[Stored dataset items]
***

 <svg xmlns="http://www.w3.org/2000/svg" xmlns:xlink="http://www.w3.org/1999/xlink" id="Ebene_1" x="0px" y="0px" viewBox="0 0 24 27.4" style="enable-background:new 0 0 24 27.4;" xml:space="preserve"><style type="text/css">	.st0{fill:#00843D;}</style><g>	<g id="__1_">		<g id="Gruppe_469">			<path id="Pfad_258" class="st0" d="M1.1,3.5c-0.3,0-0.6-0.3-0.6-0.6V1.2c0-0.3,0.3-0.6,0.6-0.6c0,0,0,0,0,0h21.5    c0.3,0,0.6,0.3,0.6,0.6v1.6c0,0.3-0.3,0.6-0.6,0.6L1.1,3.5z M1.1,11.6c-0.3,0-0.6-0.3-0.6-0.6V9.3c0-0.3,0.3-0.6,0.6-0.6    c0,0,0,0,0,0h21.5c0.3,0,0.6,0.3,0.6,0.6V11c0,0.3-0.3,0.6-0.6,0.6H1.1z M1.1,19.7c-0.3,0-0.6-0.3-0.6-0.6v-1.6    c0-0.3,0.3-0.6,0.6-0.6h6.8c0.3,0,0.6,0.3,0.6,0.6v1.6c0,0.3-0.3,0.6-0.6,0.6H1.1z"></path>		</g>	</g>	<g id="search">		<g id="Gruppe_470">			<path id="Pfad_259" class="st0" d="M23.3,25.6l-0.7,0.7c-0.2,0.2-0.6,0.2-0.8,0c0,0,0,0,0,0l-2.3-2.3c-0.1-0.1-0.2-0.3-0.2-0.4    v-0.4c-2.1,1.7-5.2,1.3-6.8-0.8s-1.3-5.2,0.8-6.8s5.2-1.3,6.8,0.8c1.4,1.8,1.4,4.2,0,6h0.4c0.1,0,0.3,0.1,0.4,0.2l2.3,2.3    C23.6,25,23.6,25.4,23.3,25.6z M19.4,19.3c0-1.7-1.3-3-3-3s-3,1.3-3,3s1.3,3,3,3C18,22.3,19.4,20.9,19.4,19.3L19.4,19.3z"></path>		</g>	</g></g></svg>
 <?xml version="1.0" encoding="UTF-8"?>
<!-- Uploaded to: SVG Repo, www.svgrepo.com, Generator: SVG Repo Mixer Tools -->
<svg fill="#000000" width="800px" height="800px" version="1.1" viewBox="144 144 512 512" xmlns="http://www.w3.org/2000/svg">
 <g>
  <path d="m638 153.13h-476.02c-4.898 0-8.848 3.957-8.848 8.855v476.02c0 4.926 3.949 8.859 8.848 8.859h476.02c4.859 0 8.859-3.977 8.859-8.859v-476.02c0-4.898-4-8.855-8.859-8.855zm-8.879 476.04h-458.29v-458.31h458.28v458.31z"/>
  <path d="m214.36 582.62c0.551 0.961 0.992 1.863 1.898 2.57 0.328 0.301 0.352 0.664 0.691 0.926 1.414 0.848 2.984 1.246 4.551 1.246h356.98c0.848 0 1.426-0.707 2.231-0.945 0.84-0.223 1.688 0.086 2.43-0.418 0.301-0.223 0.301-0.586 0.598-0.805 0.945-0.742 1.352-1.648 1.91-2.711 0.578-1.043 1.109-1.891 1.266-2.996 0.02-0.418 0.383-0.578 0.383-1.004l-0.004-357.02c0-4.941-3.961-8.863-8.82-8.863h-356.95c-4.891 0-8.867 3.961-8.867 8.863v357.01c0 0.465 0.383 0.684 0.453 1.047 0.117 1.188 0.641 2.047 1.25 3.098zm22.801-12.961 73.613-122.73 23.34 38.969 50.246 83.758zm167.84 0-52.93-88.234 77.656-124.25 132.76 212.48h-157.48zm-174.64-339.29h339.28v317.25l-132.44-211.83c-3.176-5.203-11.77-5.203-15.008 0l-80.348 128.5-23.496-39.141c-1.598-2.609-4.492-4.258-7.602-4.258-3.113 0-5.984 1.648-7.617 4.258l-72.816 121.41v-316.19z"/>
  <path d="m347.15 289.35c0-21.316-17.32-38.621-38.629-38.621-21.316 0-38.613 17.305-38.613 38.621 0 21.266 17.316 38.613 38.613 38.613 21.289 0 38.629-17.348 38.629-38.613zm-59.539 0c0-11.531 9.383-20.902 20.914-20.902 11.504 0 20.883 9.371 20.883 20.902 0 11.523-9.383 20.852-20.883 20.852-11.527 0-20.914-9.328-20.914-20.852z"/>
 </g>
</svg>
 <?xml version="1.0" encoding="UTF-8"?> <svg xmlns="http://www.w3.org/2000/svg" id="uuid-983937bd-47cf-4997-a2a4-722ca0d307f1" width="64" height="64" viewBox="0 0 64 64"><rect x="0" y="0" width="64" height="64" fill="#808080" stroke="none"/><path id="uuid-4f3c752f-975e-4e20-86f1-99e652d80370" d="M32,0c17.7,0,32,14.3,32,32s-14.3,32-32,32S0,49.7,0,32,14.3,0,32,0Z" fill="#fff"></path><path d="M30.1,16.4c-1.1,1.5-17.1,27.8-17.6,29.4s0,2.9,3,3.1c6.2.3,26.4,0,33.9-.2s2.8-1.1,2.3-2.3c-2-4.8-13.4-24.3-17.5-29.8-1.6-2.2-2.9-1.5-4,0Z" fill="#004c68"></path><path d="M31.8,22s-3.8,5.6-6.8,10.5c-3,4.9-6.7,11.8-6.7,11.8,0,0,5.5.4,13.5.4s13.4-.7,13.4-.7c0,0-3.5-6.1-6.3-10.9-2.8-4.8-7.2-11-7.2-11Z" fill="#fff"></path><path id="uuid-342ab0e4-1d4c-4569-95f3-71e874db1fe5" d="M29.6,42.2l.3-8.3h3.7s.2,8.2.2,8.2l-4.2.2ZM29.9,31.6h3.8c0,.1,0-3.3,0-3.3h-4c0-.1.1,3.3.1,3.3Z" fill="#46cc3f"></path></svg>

***

• _YOUR TASK_: Your answer must be the full set of records above, reproduced exactly.

• _ANSWER AREA_:
 <svg xmlns="http://www.w3.org/2000/svg" xmlns:xlink="http://www.w3.org/1999/xlink" id="Ebene_1" x="0px" y="0px" viewBox="0 0 24 27.4" style="enable-background:new 0 0 24 27.4;" xml:space="preserve"><style type="text/css">	.st0{fill:#00843D;}</style><g>	<g id="__1_">		<g id="Gruppe_469">			<path id="Pfad_258" class="st0" d="M1.1,3.5c-0.3,0-0.6-0.3-0.6-0.6V1.2c0-0.3,0.3-0.6,0.6-0.6c0,0,0,0,0,0h21.5    c0.3,0,0.6,0.3,0.6,0.6v1.6c0,0.3-0.3,0.6-0.6,0.6L1.1,3.5z M1.1,11.6c-0.3,0-0.6-0.3-0.6-0.6V9.3c0-0.3,0.3-0.6,0.6-0.6    c0,0,0,0,0,0h21.5c0.3,0,0.6,0.3,0.6,0.6V11c0,0.3-0.3,0.6-0.6,0.6H1.1z M1.1,19.7c-0.3,0-0.6-0.3-0.6-0.6v-1.6    c0-0.3,0.3-0.6,0.6-0.6h6.8c0.3,0,0.6,0.3,0.6,0.6v1.6c0,0.3-0.3,0.6-0.6,0.6H1.1z"></path>		</g>	</g>	<g id="search">		<g id="Gruppe_470">			<path id="Pfad_259" class="st0" d="M23.3,25.6l-0.7,0.7c-0.2,0.2-0.6,0.2-0.8,0c0,0,0,0,0,0l-2.3-2.3c-0.1-0.1-0.2-0.3-0.2-0.4    v-0.4c-2.1,1.7-5.2,1.3-6.8-0.8s-1.3-5.2,0.8-6.8s5.2-1.3,6.8,0.8c1.4,1.8,1.4,4.2,0,6h0.4c0.1,0,0.3,0.1,0.4,0.2l2.3,2.3    C23.6,25,23.6,25.4,23.3,25.6z M19.4,19.3c0-1.7-1.3-3-3-3s-3,1.3-3,3s1.3,3,3,3C18,22.3,19.4,20.9,19.4,19.3L19.4,19.3z"></path>		</g>	</g></g></svg>
 <?xml version="1.0" encoding="UTF-8"?>
<!-- Uploaded to: SVG Repo, www.svgrepo.com, Generator: SVG Repo Mixer Tools -->
<svg fill="#000000" width="800px" height="800px" version="1.1" viewBox="144 144 512 512" xmlns="http://www.w3.org/2000/svg">
 <g>
  <path d="m638 153.13h-476.02c-4.898 0-8.848 3.957-8.848 8.855v476.02c0 4.926 3.949 8.859 8.848 8.859h476.02c4.859 0 8.859-3.977 8.859-8.859v-476.02c0-4.898-4-8.855-8.859-8.855zm-8.879 476.04h-458.29v-458.31h458.28v458.31z"/>
  <path d="m214.36 582.62c0.551 0.961 0.992 1.863 1.898 2.57 0.328 0.301 0.352 0.664 0.691 0.926 1.414 0.848 2.984 1.246 4.551 1.246h356.98c0.848 0 1.426-0.707 2.231-0.945 0.84-0.223 1.688 0.086 2.43-0.418 0.301-0.223 0.301-0.586 0.598-0.805 0.945-0.742 1.352-1.648 1.91-2.711 0.578-1.043 1.109-1.891 1.266-2.996 0.02-0.418 0.383-0.578 0.383-1.004l-0.004-357.02c0-4.941-3.961-8.863-8.82-8.863h-356.95c-4.891 0-8.867 3.961-8.867 8.863v357.01c0 0.465 0.383 0.684 0.453 1.047 0.117 1.188 0.641 2.047 1.25 3.098zm22.801-12.961 73.613-122.73 23.34 38.969 50.246 83.758zm167.84 0-52.93-88.234 77.656-124.25 132.76 212.48h-157.48zm-174.64-339.29h339.28v317.25l-132.44-211.83c-3.176-5.203-11.77-5.203-15.008 0l-80.348 128.5-23.496-39.141c-1.598-2.609-4.492-4.258-7.602-4.258-3.113 0-5.984 1.648-7.617 4.258l-72.816 121.41v-316.19z"/>
  <path d="m347.15 289.35c0-21.316-17.32-38.621-38.629-38.621-21.316 0-38.613 17.305-38.613 38.621 0 21.266 17.316 38.613 38.613 38.613 21.289 0 38.629-17.348 38.629-38.613zm-59.539 0c0-11.531 9.383-20.902 20.914-20.902 11.504 0 20.883 9.371 20.883 20.902 0 11.523-9.383 20.852-20.883 20.852-11.527 0-20.914-9.328-20.914-20.852z"/>
 </g>
</svg>
 <?xml version="1.0" encoding="UTF-8"?> <svg xmlns="http://www.w3.org/2000/svg" id="uuid-983937bd-47cf-4997-a2a4-722ca0d307f1" width="64" height="64" viewBox="0 0 64 64"><rect x="0" y="0" width="64" height="64" fill="#808080" stroke="none"/><path id="uuid-4f3c752f-975e-4e20-86f1-99e652d80370" d="M32,0c17.7,0,32,14.3,32,32s-14.3,32-32,32S0,49.7,0,32,14.3,0,32,0Z" fill="#fff"></path><path d="M30.1,16.4c-1.1,1.5-17.1,27.8-17.6,29.4s0,2.9,3,3.1c6.2.3,26.4,0,33.9-.2s2.8-1.1,2.3-2.3c-2-4.8-13.4-24.3-17.5-29.8-1.6-2.2-2.9-1.5-4,0Z" fill="#004c68"></path><path d="M31.8,22s-3.8,5.6-6.8,10.5c-3,4.9-6.7,11.8-6.7,11.8,0,0,5.5.4,13.5.4s13.4-.7,13.4-.7c0,0-3.5-6.1-6.3-10.9-2.8-4.8-7.2-11-7.2-11Z" fill="#fff"></path><path id="uuid-342ab0e4-1d4c-4569-95f3-71e874db1fe5" d="M29.6,42.2l.3-8.3h3.7s.2,8.2.2,8.2l-4.2.2ZM29.9,31.6h3.8c0,.1,0-3.3,0-3.3h-4c0-.1.1,3.3.1,3.3Z" fill="#46cc3f"></path></svg>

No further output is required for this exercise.